It is calculated by the assembly enrichment level in each area of the core. Then this value is put in neutron diffusion equation for further calculation.

Generally for detail values computer codes are used for this purpose. One of the simple ways to calculate is given in book “Two Group Reactor Theory” by J. L. Meem.

May be helpful for you.

You can estimate the average thermal neutron flux using the fissile number densities and the thermal power output of the core.  First determine the total number of atoms of each fissile element by multiplying core volume by the average number density.  Second, multiply the number of atoms of each fissile element by its thermal fission cross section and energy production per fission.  Finally, sum these quantities and divide the sum into the thermal power output of the core.  Of course, you're then not taking fast fissioning into account, nor the variations in fissile number density and thermal neutron flux across the core, but if you only want an estimate that will normally not matter a great deal.

Neutron Flux can be measured in reactors by different manner and method named Flux mapping experiments. For example by the Foil activation analysis or using proper instruments (detectors) or by a proportional parameters like temperature, power or ,,,, It is a very intersting and extended subject in reactor physics.

I FULLY endorsed Masood Iqbal recommendation, the book “Two Group Reactor Theory” by J. L. Meem., is a brillant work that detailed all the analytical work to calculate the flux a reactivity by hand (today is very easy to calculate that with any worksheet). I used with some students.

I found there only one (strong) limitation, you need the "Tau" of the material mixture. Then I used an analytical model for the Tau of the mixture 

Solve 2 group neutron diffusion equation, there are many texts show that

As a summary.
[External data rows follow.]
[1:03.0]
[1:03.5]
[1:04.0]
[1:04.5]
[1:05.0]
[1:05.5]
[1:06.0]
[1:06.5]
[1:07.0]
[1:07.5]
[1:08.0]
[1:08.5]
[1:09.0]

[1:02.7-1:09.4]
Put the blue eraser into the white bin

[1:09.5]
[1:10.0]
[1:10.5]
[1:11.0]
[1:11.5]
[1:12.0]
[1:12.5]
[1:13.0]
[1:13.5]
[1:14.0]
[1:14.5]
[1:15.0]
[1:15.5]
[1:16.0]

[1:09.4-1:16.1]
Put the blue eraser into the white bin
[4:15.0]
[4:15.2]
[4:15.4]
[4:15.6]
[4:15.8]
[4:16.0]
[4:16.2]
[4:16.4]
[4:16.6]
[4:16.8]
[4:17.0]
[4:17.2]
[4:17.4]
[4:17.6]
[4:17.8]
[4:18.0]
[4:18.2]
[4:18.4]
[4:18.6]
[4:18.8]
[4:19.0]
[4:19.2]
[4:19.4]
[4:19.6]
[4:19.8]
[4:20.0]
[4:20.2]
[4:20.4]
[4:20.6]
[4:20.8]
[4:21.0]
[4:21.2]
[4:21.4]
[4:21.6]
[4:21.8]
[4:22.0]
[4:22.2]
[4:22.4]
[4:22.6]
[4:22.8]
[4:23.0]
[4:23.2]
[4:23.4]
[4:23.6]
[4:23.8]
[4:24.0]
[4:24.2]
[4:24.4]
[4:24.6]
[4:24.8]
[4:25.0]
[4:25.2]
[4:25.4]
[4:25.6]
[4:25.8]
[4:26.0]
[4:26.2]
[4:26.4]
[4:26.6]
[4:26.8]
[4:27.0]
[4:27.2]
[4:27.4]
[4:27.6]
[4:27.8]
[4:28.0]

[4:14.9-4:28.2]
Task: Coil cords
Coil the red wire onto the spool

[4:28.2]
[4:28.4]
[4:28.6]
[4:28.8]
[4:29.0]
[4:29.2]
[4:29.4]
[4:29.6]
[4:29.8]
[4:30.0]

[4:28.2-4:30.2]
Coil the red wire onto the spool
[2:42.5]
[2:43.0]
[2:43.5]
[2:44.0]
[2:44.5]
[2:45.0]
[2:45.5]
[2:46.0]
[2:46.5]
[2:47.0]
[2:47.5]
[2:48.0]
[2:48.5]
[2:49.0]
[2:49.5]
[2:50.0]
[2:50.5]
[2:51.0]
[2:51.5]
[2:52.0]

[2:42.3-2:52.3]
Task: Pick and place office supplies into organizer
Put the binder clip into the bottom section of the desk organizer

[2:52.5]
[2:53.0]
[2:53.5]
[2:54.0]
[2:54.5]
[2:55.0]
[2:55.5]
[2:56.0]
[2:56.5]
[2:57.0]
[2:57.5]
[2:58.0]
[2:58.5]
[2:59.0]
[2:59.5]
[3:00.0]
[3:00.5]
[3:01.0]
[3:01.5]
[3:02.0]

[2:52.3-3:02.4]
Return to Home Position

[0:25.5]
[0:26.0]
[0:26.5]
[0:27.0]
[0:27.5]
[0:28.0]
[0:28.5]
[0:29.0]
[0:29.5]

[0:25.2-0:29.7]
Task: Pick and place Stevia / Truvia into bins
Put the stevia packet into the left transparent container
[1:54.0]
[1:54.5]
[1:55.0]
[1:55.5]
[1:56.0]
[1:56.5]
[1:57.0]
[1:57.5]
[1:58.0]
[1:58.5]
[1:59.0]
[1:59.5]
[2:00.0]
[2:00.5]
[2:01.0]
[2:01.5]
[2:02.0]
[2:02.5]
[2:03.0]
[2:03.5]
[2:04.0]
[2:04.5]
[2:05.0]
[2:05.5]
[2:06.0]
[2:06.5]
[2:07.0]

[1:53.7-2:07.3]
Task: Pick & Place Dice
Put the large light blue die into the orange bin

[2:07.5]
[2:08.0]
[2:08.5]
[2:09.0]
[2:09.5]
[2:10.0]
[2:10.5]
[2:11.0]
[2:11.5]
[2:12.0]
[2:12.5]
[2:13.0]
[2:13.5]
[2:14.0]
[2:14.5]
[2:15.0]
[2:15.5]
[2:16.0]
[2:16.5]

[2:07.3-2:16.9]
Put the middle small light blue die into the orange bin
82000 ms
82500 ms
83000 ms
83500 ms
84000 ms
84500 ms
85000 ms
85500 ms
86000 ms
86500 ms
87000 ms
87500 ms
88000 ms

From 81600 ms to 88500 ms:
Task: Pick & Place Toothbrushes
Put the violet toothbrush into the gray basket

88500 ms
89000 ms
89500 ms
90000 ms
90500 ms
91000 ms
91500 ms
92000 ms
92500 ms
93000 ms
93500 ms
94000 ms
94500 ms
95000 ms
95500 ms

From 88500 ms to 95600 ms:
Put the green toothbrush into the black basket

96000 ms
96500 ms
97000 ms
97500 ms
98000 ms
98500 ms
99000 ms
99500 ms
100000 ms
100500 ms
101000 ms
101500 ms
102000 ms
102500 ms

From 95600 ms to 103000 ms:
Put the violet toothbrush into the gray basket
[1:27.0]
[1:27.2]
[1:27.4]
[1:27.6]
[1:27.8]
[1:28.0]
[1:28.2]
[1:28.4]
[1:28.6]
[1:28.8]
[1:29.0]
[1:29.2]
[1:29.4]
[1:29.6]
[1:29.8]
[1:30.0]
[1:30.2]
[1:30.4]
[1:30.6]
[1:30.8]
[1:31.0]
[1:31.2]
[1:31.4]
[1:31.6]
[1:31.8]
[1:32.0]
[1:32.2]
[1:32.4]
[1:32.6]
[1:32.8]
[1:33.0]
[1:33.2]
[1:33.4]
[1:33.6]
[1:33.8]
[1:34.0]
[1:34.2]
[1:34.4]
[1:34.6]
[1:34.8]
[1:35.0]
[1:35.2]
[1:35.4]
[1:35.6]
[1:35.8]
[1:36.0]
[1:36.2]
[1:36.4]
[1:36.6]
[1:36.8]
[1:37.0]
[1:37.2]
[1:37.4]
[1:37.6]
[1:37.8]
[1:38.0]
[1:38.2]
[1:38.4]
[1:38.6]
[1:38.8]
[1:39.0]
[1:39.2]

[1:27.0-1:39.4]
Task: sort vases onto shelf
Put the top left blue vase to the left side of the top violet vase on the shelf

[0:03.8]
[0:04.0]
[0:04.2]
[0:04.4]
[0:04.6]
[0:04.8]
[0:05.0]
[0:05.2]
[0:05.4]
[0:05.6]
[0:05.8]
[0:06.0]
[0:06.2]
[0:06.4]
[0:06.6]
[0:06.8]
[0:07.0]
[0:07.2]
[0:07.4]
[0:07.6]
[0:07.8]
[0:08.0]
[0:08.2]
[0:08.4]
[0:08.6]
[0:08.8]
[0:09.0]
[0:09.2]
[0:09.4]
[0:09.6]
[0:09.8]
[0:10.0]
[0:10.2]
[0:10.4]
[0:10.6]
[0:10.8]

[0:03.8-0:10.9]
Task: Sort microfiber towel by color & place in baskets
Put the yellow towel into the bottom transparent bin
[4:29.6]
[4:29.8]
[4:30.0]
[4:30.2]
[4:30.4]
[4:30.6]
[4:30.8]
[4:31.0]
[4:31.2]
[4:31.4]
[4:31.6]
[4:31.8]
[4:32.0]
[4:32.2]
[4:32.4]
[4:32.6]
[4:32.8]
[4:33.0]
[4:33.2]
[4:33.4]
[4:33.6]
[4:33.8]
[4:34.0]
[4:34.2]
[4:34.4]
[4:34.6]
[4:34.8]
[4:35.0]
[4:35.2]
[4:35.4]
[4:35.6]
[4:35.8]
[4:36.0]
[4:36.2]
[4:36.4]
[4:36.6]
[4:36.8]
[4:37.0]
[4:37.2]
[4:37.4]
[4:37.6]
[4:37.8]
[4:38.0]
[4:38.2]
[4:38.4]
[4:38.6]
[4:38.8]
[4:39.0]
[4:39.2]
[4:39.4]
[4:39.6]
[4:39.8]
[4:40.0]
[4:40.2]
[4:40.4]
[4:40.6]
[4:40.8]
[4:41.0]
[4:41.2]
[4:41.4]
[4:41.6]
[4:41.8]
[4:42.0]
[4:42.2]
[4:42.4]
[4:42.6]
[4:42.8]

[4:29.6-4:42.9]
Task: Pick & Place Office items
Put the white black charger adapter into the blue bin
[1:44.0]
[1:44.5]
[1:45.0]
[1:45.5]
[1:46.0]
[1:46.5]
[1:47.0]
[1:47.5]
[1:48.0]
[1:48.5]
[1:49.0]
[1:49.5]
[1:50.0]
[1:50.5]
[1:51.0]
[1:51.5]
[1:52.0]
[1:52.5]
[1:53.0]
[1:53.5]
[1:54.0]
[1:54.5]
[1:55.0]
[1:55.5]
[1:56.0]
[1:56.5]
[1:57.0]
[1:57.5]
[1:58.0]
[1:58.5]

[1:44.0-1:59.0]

The accuracy depens in the efforts that you need to apply.

1) As was said by Brian Gaulke, a first "hand" estimation si by simple:

flux*MacroscopicFissionCrossSection*Volume*EnergybyFission=Power

Then you need to estimatede the average "MacroscopicFissionCrossSection", to do that you need to know the "average neutron energy" (is your reactor thermal, is epithermal, is fast?) and thus obtain the microscopic cross section. Multiply it by the "fuel atomic density (Nf)" of the fissil atoms, BUT WEIGHTED by your estimation on "fuel flux/averageflux" ratio. If you dont have any clue on that, assume 1, and then obtaine the "total fissil atomic density" (Nftot = Volfuel*Nf/Vtot)

2) If the accuracy of approach 1 is not enough (an error of 10 to 20% could be obtain with the formula 1). use a 2 groups approach, with two zones-two groups. Is much more complicated, and is available in the Meen book. Also, as an intermediate approach (as was said by Malik), use a single zone two groups analytical solution (if the system has low leackages or small reflector effect is ok) but the challenge will be always, which is the "ScattXSgroup1 to group2". Only is tabulated for few compositions. If your system match those published number, use ti, if is not. You need to go to Age theory, and using Tau, and obtain "ScattXSgroup1 to group2"